Using Soft-Ice to crack Windows software
When cracking in windows it is ussaly an shareware application which allows you to
register to the full version if you enter a serial number, surprisingly 90% of all
shareware applications protection schemes are dead easy to crack unlike the dos
counter part. Now the key to cracking is to get yourself into the right piece of
code, now this is VERY easy in normal windows applications but is much more
difficult when an application was written in Visual Basic. Now there are a few ways
to do this but ill show you the way I do it.
Guidelines to cracking an shareware application that needs an serial number:
- Go to the registration window
- Enter your name and a UNIQUE number
- Get in soft-ice and search for the UNIQUE number in memory - always from
address 0030:0
- Put a brake point on the number in memory
- Return to the application
- Press the OK or Register button
- It should brake into soft-ice after you clicked the button
- Use the F12 key to get into the APPLICATIONS code
- Find the "magic" jump
- Patch the "magic" jump
For a UNIQUE number I use 666999 , you can use anything as long as it is not all
ready in the computers memory some where, or you are going to get confused, in other
words it is not a good idea to use 123456. The "magic" jump will be the
jump that tells the application it's the correct key or if it's not.
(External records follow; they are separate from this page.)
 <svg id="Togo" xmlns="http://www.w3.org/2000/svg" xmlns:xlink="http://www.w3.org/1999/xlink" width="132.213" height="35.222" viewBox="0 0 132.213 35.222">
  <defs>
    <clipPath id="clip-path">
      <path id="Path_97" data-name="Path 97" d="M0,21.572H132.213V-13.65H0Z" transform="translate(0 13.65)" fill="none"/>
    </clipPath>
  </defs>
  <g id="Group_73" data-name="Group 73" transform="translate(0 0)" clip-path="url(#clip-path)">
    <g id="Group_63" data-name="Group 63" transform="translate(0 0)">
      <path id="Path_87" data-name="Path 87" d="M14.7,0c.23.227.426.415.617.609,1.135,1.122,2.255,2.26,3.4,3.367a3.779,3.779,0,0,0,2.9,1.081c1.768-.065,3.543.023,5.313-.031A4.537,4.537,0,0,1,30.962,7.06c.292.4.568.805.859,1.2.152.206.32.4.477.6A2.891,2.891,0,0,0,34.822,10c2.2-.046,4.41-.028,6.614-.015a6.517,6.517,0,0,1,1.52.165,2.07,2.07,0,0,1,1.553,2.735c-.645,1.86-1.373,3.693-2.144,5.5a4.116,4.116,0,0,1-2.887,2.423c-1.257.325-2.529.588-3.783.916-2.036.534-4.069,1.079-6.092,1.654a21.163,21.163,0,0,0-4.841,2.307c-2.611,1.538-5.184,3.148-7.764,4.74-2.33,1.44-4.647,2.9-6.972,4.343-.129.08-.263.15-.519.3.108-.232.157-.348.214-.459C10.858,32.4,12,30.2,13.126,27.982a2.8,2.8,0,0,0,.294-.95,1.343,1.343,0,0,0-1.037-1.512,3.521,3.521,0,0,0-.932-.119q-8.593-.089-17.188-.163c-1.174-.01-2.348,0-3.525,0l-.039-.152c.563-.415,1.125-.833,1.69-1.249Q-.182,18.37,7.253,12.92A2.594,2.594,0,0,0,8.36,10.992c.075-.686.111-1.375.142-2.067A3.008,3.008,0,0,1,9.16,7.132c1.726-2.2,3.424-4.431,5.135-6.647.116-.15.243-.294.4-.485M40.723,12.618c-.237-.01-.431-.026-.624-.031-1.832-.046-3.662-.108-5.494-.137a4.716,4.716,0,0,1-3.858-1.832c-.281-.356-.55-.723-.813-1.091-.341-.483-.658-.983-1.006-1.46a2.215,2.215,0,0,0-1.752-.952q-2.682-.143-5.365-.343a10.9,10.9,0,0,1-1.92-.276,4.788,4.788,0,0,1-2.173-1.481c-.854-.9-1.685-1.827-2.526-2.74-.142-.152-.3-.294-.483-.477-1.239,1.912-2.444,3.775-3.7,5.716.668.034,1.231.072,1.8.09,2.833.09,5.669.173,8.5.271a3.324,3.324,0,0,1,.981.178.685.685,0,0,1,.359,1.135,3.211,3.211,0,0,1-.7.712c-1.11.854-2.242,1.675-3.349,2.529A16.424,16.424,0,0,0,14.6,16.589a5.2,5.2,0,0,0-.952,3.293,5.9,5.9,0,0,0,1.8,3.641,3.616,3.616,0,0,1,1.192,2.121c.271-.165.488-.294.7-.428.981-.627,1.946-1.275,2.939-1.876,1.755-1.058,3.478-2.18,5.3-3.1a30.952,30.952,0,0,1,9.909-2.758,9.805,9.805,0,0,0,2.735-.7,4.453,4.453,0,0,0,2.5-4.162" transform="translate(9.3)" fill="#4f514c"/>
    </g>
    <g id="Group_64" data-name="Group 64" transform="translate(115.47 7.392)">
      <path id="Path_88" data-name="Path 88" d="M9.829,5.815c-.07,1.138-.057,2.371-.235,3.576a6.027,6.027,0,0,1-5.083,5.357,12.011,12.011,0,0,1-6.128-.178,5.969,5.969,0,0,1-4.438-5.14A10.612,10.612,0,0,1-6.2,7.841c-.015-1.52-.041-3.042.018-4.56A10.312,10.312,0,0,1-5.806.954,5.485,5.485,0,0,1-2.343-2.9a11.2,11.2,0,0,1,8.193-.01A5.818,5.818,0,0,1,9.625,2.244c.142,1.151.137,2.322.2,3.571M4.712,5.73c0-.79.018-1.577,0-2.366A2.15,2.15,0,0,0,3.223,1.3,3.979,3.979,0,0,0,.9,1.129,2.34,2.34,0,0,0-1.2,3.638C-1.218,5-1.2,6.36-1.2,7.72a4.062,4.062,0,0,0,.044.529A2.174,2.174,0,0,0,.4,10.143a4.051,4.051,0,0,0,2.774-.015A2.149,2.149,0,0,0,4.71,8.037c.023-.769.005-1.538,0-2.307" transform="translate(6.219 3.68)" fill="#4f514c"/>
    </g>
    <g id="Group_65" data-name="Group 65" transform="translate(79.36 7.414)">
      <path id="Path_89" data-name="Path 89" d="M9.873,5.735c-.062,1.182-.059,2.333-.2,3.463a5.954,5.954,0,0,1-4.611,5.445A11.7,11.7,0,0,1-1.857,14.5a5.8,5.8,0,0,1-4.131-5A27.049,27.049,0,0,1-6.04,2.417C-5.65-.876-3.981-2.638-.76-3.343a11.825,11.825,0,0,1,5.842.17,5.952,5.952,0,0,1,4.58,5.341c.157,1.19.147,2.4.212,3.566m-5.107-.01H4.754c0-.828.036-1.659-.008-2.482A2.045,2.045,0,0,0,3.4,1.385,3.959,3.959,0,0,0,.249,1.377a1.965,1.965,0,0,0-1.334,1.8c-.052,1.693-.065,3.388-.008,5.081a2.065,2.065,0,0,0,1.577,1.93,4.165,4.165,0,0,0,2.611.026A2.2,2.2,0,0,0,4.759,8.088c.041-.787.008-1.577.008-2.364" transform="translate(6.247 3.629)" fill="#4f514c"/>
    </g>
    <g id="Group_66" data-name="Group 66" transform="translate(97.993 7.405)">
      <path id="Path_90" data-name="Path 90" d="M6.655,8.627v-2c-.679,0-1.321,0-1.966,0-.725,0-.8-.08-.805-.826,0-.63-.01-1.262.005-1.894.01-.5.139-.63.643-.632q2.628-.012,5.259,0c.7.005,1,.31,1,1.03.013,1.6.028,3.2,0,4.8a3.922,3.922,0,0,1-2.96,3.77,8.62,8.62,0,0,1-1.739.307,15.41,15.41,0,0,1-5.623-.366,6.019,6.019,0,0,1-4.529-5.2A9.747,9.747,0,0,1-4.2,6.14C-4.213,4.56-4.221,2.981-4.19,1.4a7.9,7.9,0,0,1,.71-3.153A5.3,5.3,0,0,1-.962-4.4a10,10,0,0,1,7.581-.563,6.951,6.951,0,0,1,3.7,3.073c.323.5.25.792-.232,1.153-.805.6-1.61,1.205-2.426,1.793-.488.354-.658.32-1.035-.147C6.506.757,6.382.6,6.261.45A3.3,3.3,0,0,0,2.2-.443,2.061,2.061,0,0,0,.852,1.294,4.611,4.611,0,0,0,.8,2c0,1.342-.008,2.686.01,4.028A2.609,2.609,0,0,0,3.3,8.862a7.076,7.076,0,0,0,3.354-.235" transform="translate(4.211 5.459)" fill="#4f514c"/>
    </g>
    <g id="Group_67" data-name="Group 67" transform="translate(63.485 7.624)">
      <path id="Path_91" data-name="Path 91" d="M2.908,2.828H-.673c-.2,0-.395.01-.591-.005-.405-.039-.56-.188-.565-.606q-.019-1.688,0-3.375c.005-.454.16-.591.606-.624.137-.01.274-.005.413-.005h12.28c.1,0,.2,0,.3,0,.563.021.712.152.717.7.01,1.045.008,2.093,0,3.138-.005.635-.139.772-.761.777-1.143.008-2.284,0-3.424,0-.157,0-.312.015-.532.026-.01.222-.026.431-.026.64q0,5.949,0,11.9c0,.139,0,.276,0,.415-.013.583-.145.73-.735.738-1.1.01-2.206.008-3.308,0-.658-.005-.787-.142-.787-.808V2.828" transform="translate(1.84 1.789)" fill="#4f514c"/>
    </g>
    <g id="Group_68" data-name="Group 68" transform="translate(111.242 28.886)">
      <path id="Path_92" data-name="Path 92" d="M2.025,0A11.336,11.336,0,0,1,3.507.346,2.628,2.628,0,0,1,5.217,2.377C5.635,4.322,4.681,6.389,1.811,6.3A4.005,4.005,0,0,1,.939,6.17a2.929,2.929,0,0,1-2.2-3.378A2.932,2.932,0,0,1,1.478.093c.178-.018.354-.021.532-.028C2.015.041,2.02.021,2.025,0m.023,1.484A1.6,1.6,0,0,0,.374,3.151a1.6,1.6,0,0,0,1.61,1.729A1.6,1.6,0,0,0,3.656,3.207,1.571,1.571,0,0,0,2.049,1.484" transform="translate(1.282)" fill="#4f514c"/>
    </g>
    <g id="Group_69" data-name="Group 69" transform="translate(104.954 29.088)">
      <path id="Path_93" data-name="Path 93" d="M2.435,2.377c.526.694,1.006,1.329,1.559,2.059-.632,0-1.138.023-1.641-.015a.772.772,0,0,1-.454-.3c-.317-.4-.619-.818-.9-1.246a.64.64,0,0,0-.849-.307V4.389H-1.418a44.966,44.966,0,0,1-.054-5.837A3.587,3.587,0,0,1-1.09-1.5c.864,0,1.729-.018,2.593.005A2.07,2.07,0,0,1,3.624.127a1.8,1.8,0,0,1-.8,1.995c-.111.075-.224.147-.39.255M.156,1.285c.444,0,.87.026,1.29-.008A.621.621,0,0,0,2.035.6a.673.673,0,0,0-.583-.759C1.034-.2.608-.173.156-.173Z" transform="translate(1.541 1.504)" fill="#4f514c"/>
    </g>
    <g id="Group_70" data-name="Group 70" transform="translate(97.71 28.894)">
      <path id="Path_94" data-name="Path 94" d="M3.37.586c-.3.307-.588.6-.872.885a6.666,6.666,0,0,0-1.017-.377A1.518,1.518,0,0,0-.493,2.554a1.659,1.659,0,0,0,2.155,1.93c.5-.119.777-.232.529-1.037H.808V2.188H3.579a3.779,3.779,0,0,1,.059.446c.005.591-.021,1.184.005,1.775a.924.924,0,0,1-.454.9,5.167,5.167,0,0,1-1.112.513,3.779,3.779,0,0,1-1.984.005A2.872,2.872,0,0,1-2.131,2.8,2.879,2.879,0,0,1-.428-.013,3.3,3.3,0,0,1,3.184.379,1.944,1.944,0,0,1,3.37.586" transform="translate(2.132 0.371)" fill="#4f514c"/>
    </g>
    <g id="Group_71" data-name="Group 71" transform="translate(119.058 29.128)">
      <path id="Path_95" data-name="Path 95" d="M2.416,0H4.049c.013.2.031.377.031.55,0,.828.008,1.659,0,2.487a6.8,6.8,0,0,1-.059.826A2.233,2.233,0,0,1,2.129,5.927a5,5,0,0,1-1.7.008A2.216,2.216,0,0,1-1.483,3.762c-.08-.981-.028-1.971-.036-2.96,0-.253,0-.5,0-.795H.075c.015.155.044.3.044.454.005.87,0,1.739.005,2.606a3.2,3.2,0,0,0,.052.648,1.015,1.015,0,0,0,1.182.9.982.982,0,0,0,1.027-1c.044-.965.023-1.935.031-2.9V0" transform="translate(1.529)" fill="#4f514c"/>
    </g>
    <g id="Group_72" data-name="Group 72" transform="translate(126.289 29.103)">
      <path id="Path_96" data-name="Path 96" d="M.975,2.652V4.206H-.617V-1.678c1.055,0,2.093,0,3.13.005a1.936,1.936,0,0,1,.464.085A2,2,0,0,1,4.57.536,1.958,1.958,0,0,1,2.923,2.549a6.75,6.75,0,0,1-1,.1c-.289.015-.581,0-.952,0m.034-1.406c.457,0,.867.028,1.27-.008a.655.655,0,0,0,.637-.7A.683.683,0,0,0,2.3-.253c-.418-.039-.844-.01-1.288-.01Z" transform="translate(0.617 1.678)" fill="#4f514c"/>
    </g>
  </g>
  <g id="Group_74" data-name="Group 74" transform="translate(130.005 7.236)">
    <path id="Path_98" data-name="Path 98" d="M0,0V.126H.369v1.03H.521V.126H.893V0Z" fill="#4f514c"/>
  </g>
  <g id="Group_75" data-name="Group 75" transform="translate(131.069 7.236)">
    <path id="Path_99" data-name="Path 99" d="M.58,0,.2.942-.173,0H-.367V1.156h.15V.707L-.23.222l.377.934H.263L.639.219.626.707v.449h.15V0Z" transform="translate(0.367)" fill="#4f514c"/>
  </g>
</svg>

Sometimes,
depending on how well the program was written, you dont even have to modify the
"magic" jump.
Simple example:
test edx,edx ;
jnz good_code ; "magic" jump
bad_code:
xor ax,ax ; zero out ax so that we know it's wrong
jmp all_done ;
good_code:
mov al,1 ; put a 1 in al so that we know it's right
all_done:
ret ; finish up
in this example if we replace je good_code with jmp good_one it will ALWAYS jump to
the correct code sequence no matter what the code.
The applications to the examples that follow can be obtained easily on the internet,
good places to look for them is www.download.com or www.downloadnow.com
Ok now for a practicle example, lets start with a nice easy application winzip.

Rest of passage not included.